Grafana with Prometheus
Grafana is easy to set up and use. It’s so popular in the Kubernetes community, that some deployment configuration files even include a Grafana container by default.
- Includes support for Elasticsearch and Prometheus
- Broad compatibility with various data sources
- Great reporting and visualization functions
- Active developer community
- Alerting capabilities
- Can query several entities at a time
- Not customized for Kubernetes log management
Kubernetes Dashboard is a web-based UI add-on for Kubernetes clusters. It provides a simple way to manage, troubleshoot and monitor your environment. You can use the Kubernetes Dashboard to see basic metrics related to memory and CPU usage statistics across all of your nodes and to monitor the health of workloads (pods, deployments, replica sets, cron jobs, etc.)
Kubernetes Dashboard Pod Overview
You can easily install the Kubernetes Dashboard with ready-to-use YAML files.
- Easy to install
- Part of the Kubernetes ecosystem
- Limited features
Jaeger is a free tracing tool used for monitoring and troubleshooting in complex distributed systems, including Kubernetes environments. It was released by Uber Technologies and open-sourced in 2016.
With Jaeger, users can perform root cause analysis, distributed transaction monitoring, distributed context propagations, service dependency analysis, and performance and latency optimization.
Jaeger features OpenTracing-based support for Java, Node, Phyton, Go, and C++ and for various data sources, including Cassandra, Elasticsearch, Kafka, and memory.

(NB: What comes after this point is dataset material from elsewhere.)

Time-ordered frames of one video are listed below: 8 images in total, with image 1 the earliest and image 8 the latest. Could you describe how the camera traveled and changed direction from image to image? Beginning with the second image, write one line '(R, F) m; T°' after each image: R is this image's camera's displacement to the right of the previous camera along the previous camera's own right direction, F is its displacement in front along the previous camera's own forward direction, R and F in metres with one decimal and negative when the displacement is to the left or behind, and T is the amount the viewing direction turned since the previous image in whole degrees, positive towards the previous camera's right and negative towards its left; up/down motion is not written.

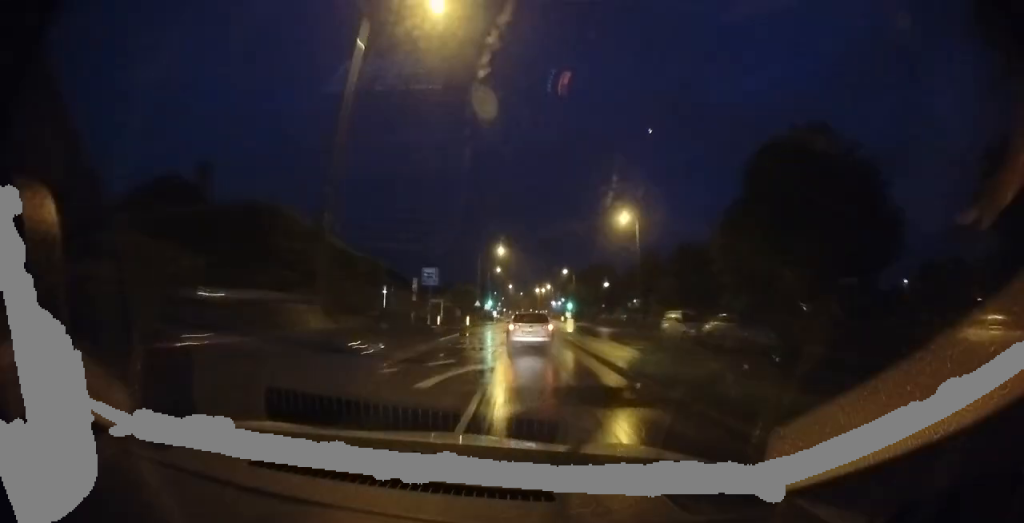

Read more about how to use Jaeger as a distributed tracing system.
To deploy Jaeger, you can use the Jaeger Operator or a DaemonSet configuration.
- Various instrumentation options
- Easy to deploy
- Modern user interface
- Limited backend integration
Monitoring a distributed system is not easy, but having a good understanding of Kubernetes challenges when it comes to monitoring is the first step.
In this article, we’ve discussed why it’s important to monitor Kubernetes, the critical metrics you should keep track of, and the best monitoring tools available to help make your job easier.
Choosing a tool depends on your monitoring needs and use case. Open-source solutions have the advantage of being backed up by large communities driven to improve existing solutions, but SaaS software is backed up by experts offering support and, most importantly, it removes the overhead of managing the tools to monitor Kubernetes yourself. Learn more about what to look for in a monitoring software from our guide on alerting and monitoring.
Using a tool like Sematext abstracts away all the infrastructure and management needed to monitor your cluster. All you need to do is run a cluster-wide agent and point it where it should send metrics and logs. That’s how easy it is!
This will free up your time to stay focused on producing business value, instead of wasting time on managing infrastructure.
We’ve just scratched the surface, but if you’re just beginning to design your Kubernetes monitoring strategy, it’s a good place to start.